Precautions for Disabling Node Video Memory Sharing
1. Instructions for disabling node memory sharing function
When a node with the memory-sharing function enabled needs to have it disabled, the system will verify if there are any running memory-sharing tasks on the current node. The memory-sharing function can only be disabled after all memory-sharing tasks on the node are completed. Otherwise, interruptions to memory-sharing tasks or failure to properly reclaim resources upon task completion may occur, affecting subsequent tasks on the node.
Use the commands in Steps 2 and 3 to locate nodes with memory sharing enabled and verify the status of memory-sharing tasks on each node.

2. Query nodes with memory sharing enabled
1kubectl get nodes -l cce.baidubce.com/gpu-share-device-plugin=enable
This command will list all nodes with the memory sharing function enabled, and these nodes are all labeled with cce.baidubce.com/gpu-share-device-plugin:enable.

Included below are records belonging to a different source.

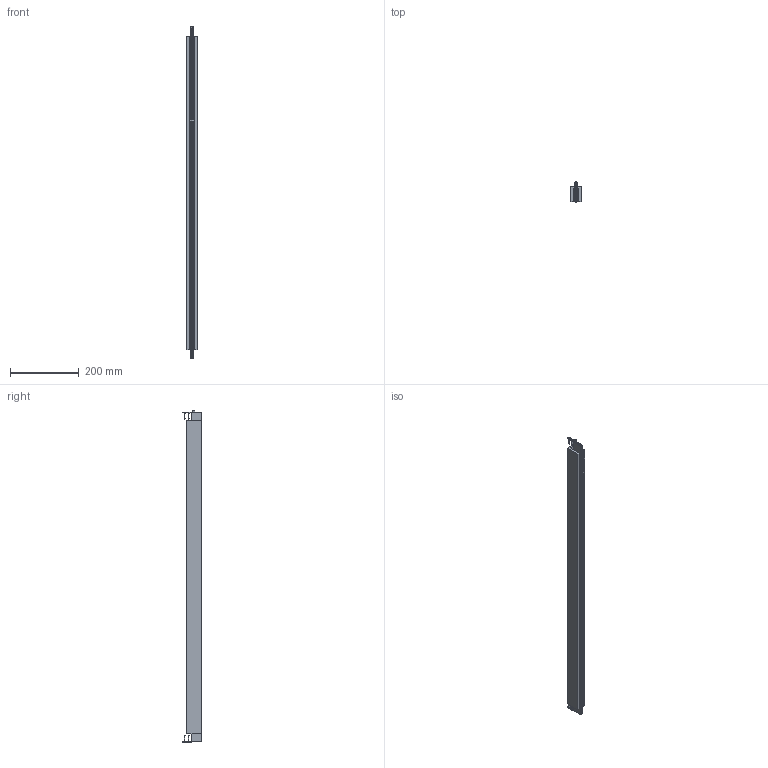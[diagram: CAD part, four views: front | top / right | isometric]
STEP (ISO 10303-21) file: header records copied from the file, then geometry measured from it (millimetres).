
FILE_DESCRIPTION (( 'STEP AP203' ), '1' );
FILE_NAME ('MinE-FS960.STEP', '2025-03-03T13:34:36', ( '' ), ( '' ), 'SwSTEP 2.0', 'SolidWorks 2023', '' );
FILE_SCHEMA (( 'CONFIG_CONTROL_DESIGN' ));
Length unit declared in the file: millimetre
Products named in the file (7): MinE-FS960; Innengeometrie_US_960; Aussengehäuse_MinE_960; Luftkanal_MinE; Betätigungsteil_MinE; Schraube 3x20_01; Haltewinkel_Haltewinkel TW
Assembly tree (10 placements, depth 2):
  MinE-FS960
    Aussengehäuse_MinE_960
    Betätigungsteil_MinE
    Innengeometrie_US_960
    Haltewinkel_Haltewinkel TW  x2
    Schraube 3x20_01  x4
    Luftkanal_MinE
Bounding box: 30 x 57.14 x 967 mm (x, y, z)
Volume: 767432.6 mm3; surface area: 475066.6 mm2
Topology: 58 solids, 58 shells, 2399 faces, 6733 edges, 4476 vertices
Faces by surface type: bspline 1155, plane 1128, cylinder 90, cone 24, torus 2
Entity records: 114993 total; most frequent: CARTESIAN_POINT 66818, ORIENTED_EDGE 11772, DIRECTION 5994, EDGE_CURVE 5886, VERTEX_POINT 3921, LINE 3696, VECTOR 3696, EDGE_LOOP 2375

3. Query pods running memory-sharing tasks
1kubectl get pods --all-namespaces -o json | jq -r '.items[] | select(.status.phase=="Running") | select(.spec.containers[].resources.limits // empty | keys[] // empty | test("baidu.com/.*(_core|_memory|_memory_percent)$")) | "\(.metadata.name) \(.spec.nodeName)"' | sort | uniq
This command lists all running Pods that utilize memory sharing along with their host nodes. The memory-sharing function cannot be immediately disabled on these nodes; it can only be disabled once these Pods have finished running.
4. Risks of modifying node labels via commands
In addition to the console method, you can use the kubectl label nodes command to modify the node label to cce.baidubce.com/gpu-share-device-plugin:disable to disable the node’s memory sharing function. Please pay attention to the following risks before modification:
- Service interruption: Modifying node labels triggers the installation of a non-shared environment, which interrupts running memory-sharing tasks or prevents resources from being reclaimed properly when tasks end. This impacts subsequent tasks on the node.
- Scheduling failure: After modifying labels, the scheduler might assign non-shared tasks to the node. Running both task types on the same machine could lead to issues like incorrect GPU detection or abnormal shared memory behavior.
To mitigate these risks, ensure the node labels in the cluster correctly represent the node's capabilities, and only disable memory sharing on a node after confirming there are no active memory-sharing tasks running on it.